- [Problem statement]
Only one span is wanted from the lines below: from the one with "(00:01:06.000)" up to and including the one with "(00:01:09.000)". Copy it exactly, without images.

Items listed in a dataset
----

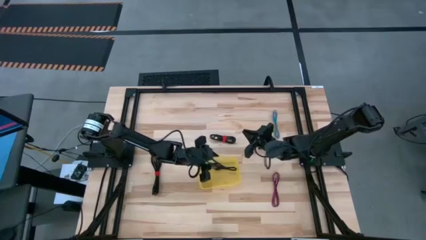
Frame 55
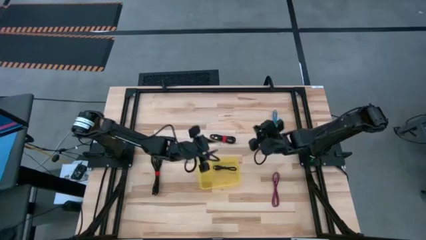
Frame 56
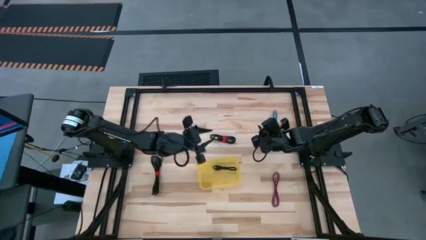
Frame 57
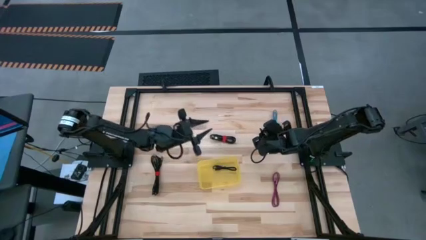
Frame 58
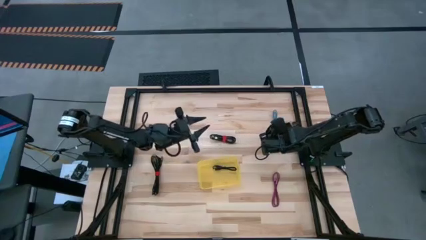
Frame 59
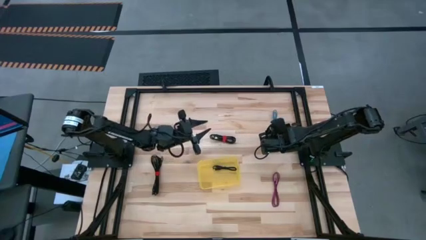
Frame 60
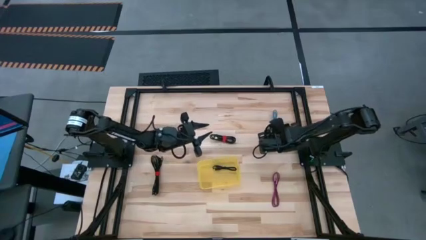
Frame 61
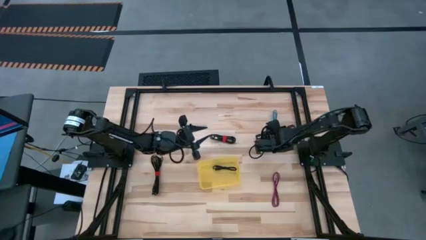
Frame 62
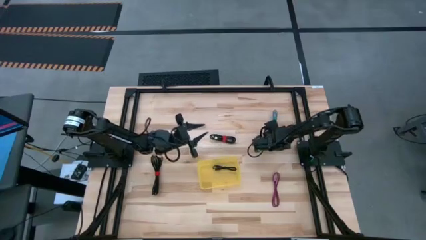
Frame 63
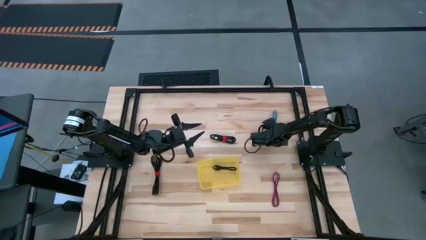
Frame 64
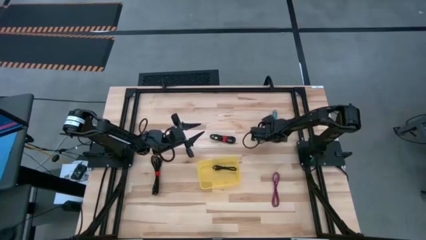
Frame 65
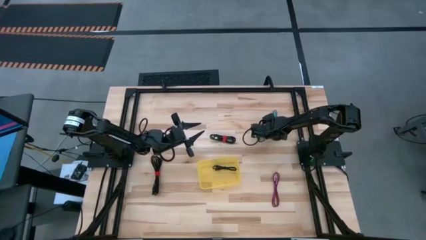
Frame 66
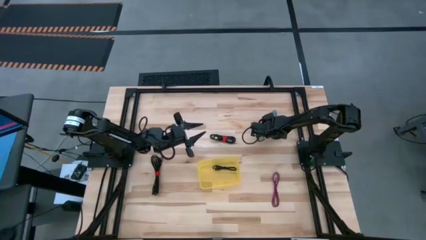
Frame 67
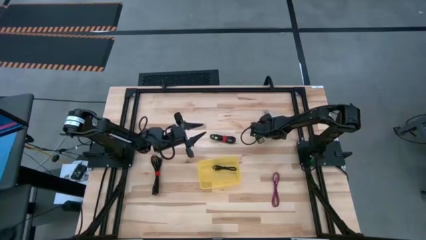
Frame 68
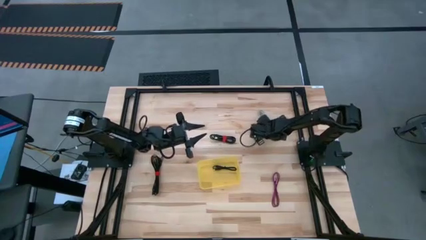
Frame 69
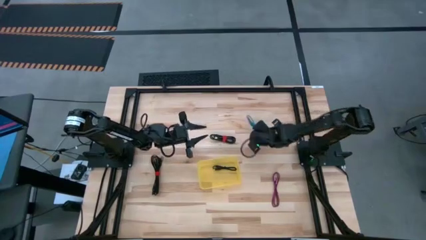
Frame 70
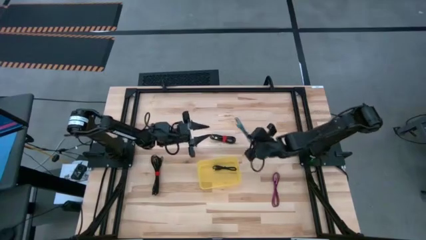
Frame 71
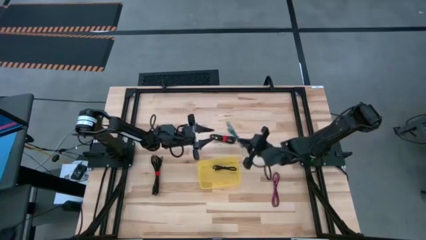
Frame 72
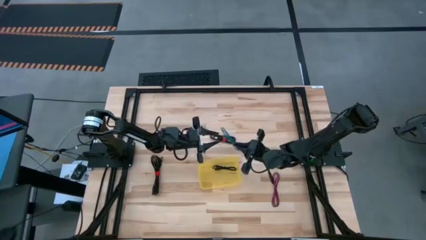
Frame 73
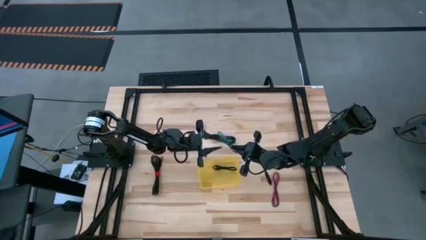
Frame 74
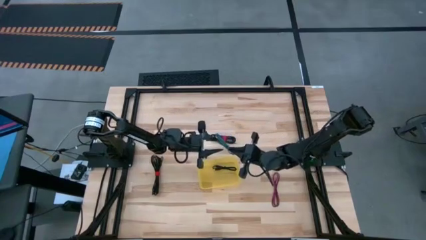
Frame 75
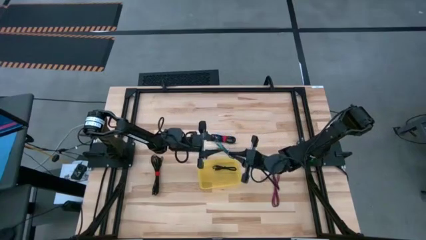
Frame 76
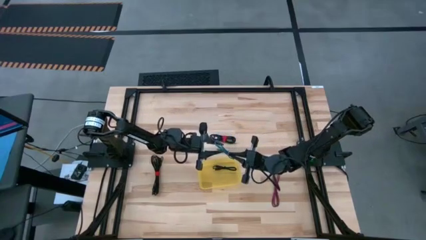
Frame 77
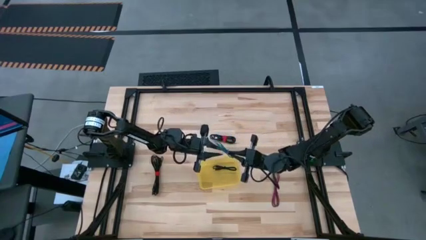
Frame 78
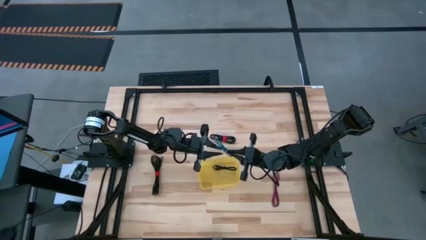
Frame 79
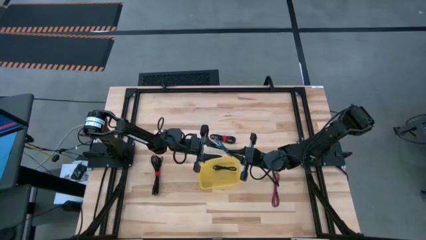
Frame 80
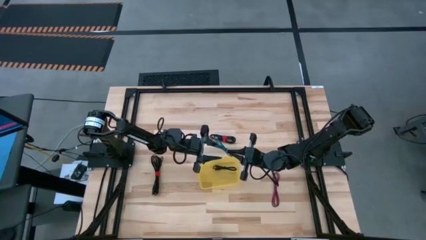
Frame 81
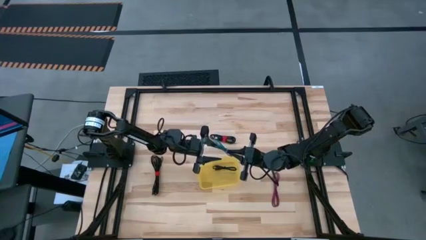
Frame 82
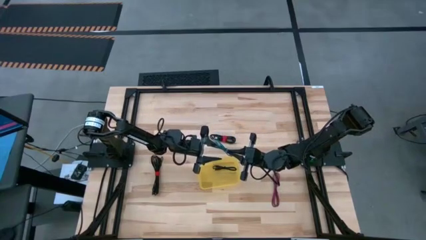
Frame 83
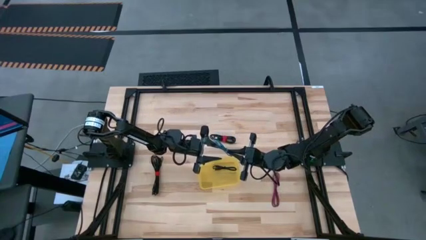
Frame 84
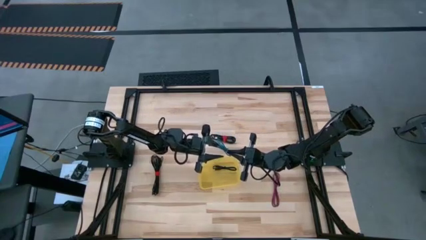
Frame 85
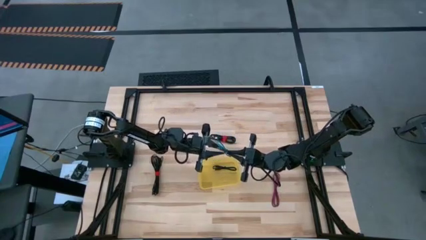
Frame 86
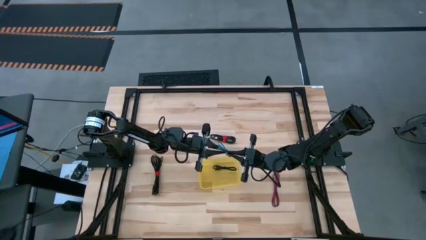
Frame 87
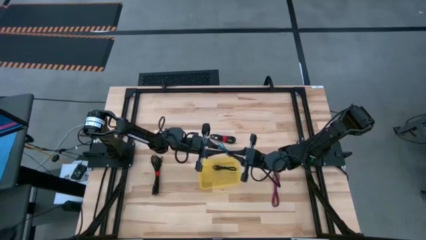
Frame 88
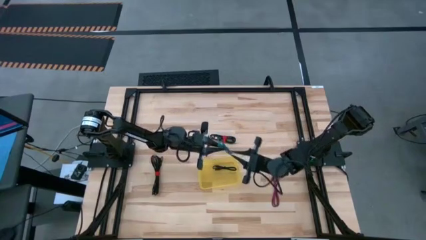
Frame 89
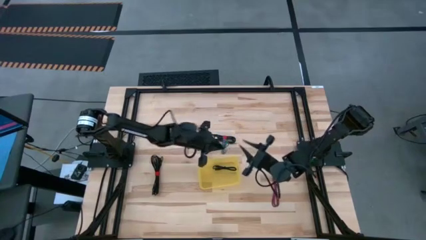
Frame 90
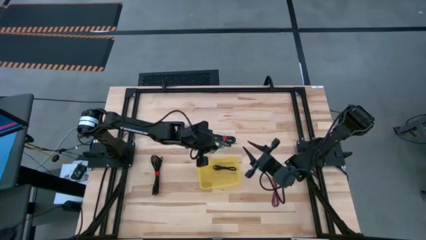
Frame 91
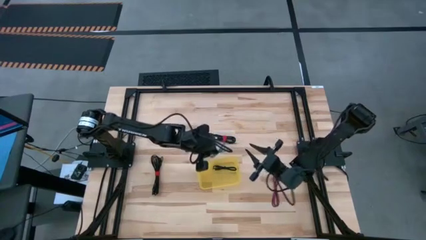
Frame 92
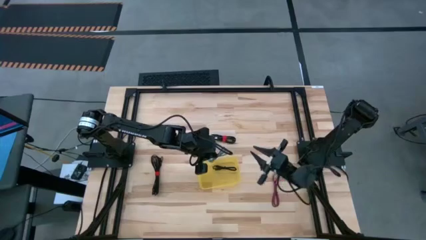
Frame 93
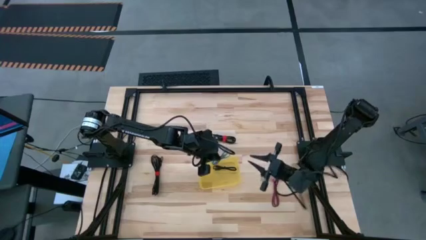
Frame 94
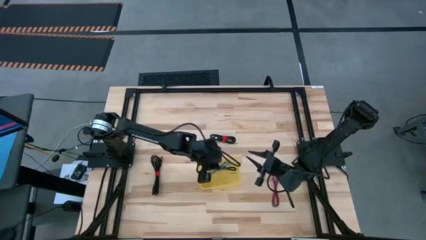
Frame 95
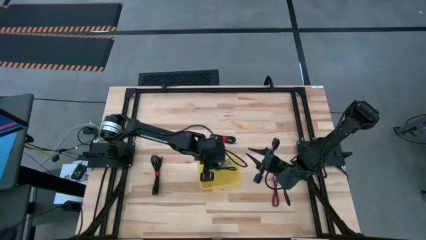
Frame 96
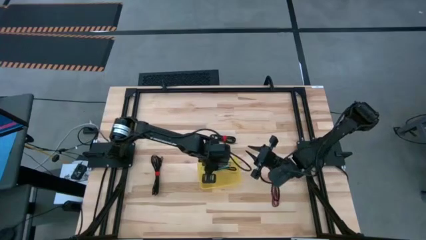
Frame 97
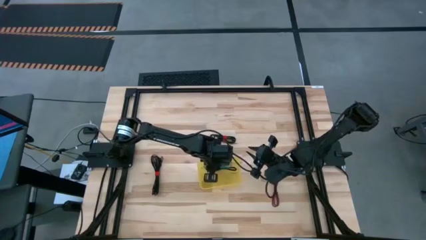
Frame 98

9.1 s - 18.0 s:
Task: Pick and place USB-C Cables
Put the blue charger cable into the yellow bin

----

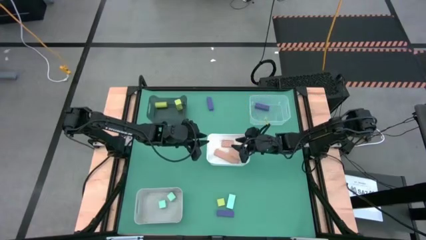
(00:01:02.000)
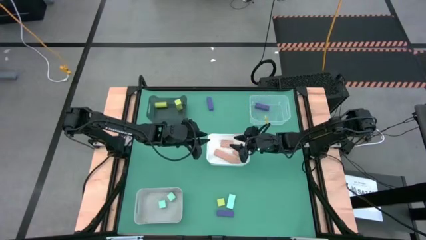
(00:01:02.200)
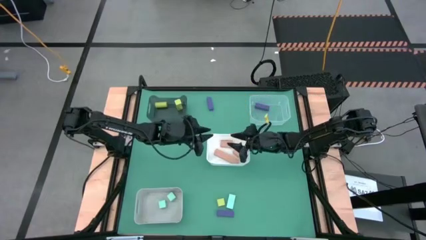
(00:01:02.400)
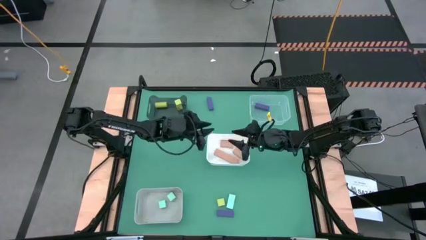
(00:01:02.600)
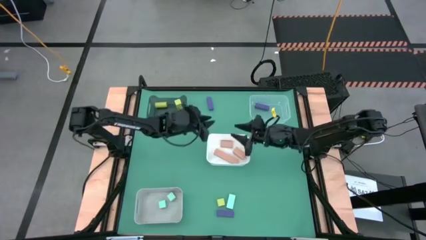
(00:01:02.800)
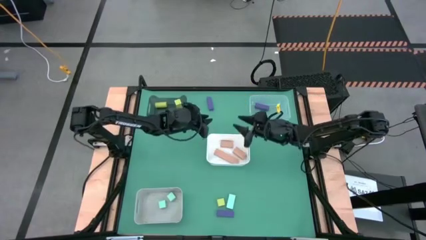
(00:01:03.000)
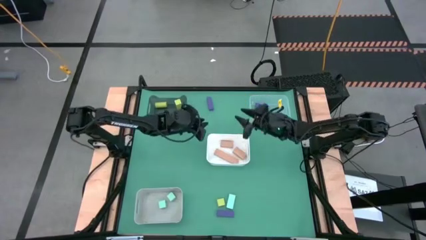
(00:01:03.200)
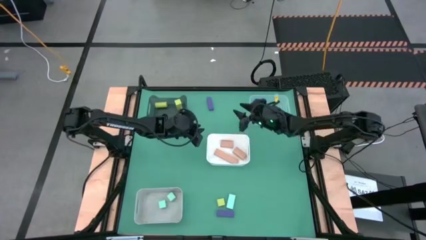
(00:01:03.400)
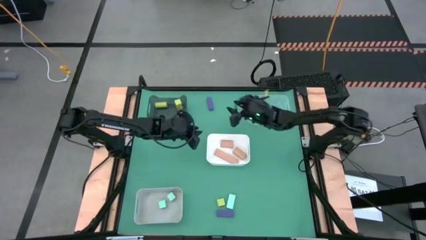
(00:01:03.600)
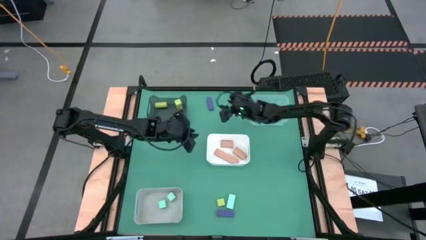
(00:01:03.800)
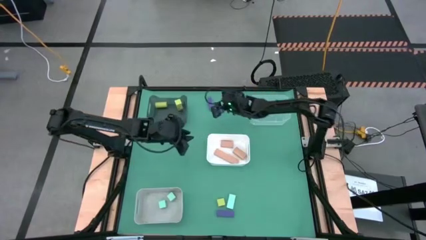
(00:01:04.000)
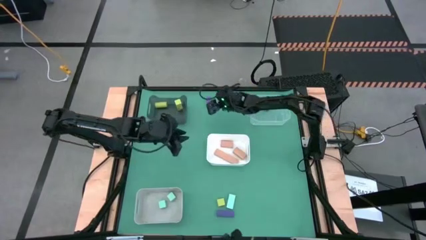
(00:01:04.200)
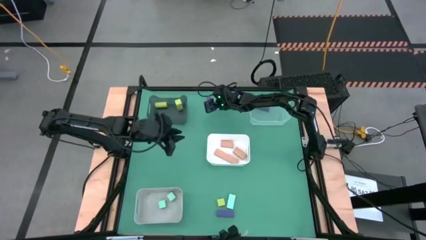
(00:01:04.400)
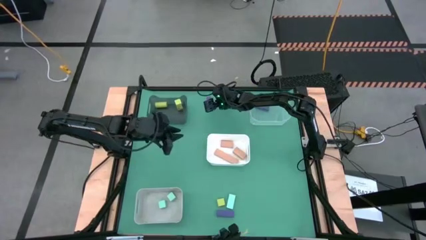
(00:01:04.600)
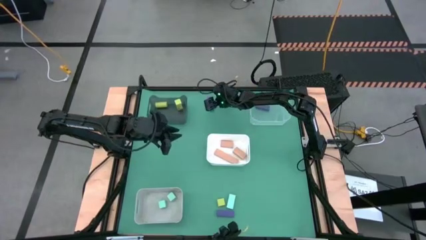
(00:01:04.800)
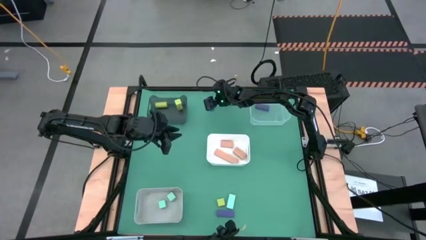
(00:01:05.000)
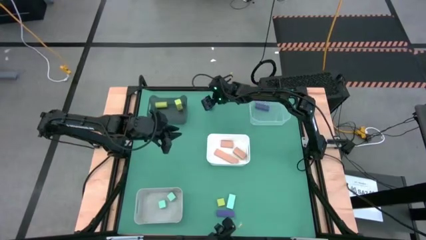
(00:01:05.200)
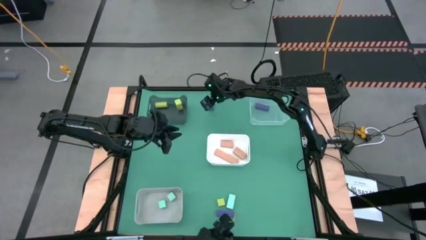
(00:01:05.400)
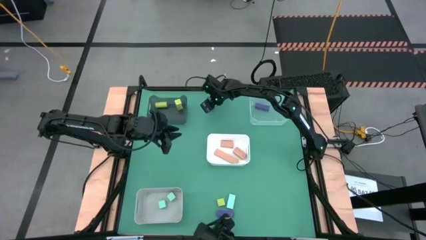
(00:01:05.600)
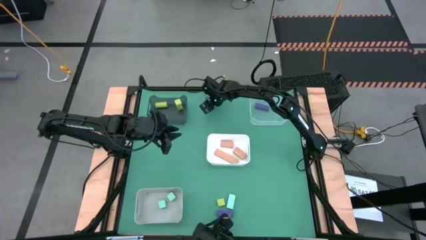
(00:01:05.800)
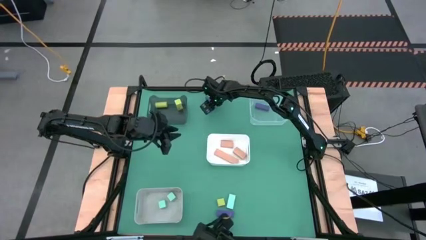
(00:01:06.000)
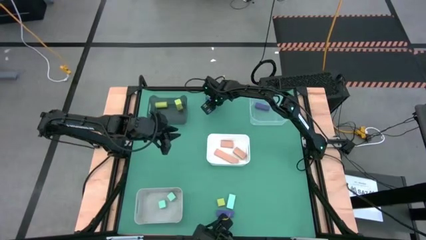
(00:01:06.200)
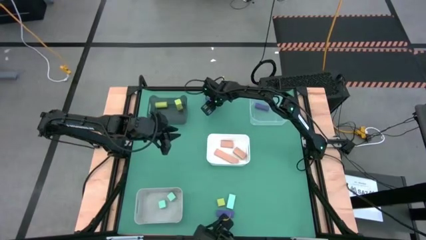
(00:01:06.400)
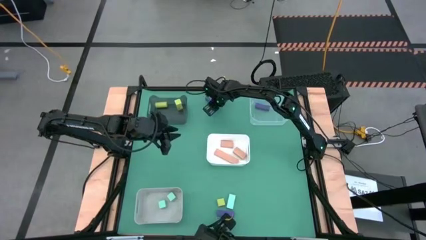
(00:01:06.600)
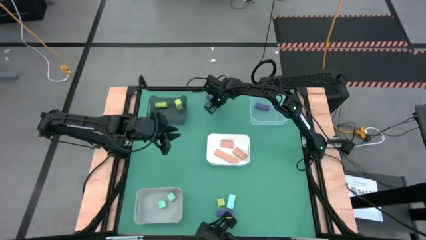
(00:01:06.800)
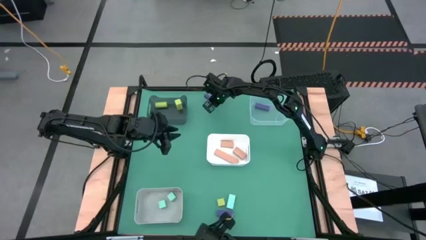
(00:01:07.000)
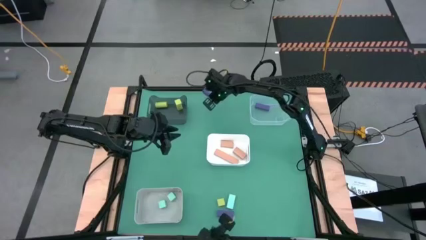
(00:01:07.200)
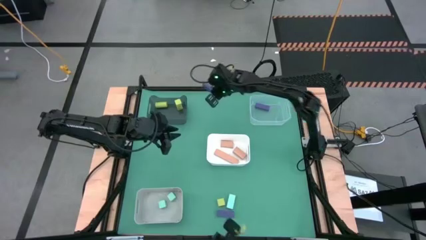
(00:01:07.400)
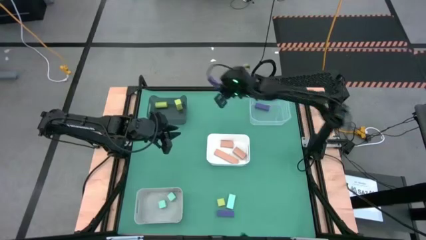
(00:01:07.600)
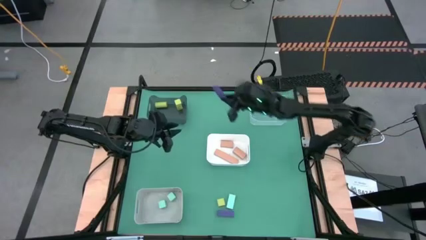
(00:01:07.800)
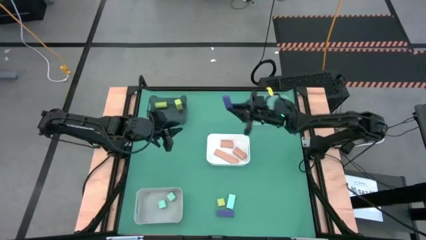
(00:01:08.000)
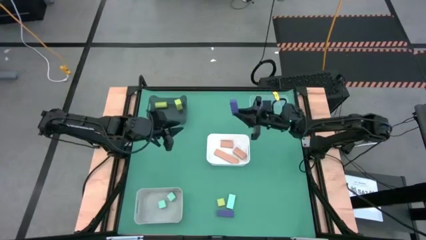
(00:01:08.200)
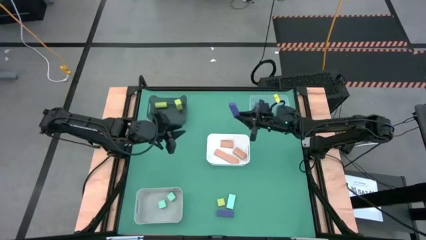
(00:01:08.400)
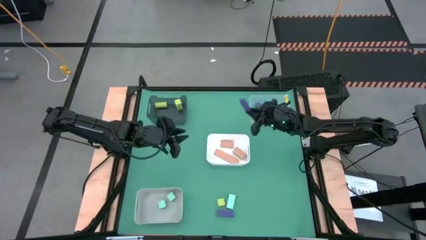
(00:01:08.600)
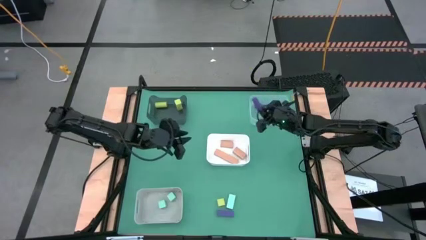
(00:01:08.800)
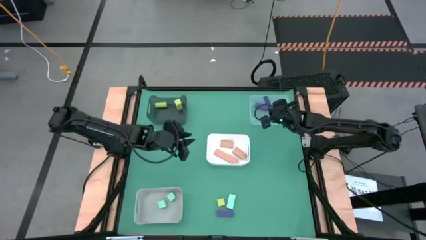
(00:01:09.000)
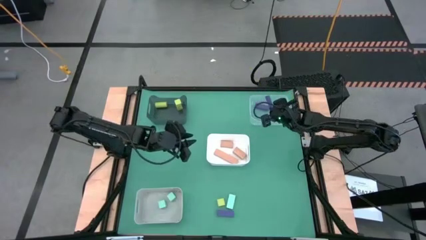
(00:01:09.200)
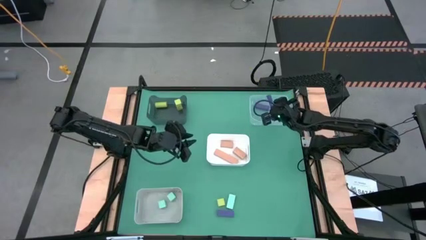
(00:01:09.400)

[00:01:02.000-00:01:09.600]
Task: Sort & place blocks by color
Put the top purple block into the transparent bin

----

- [Expected answer]
(00:01:06.000)
(00:01:06.200)
(00:01:06.400)
(00:01:06.600)
(00:01:06.800)
(00:01:07.000)
(00:01:07.200)
(00:01:07.400)
(00:01:07.600)
(00:01:07.800)
(00:01:08.000)
(00:01:08.200)
(00:01:08.400)
(00:01:08.600)
(00:01:08.800)
(00:01:09.000)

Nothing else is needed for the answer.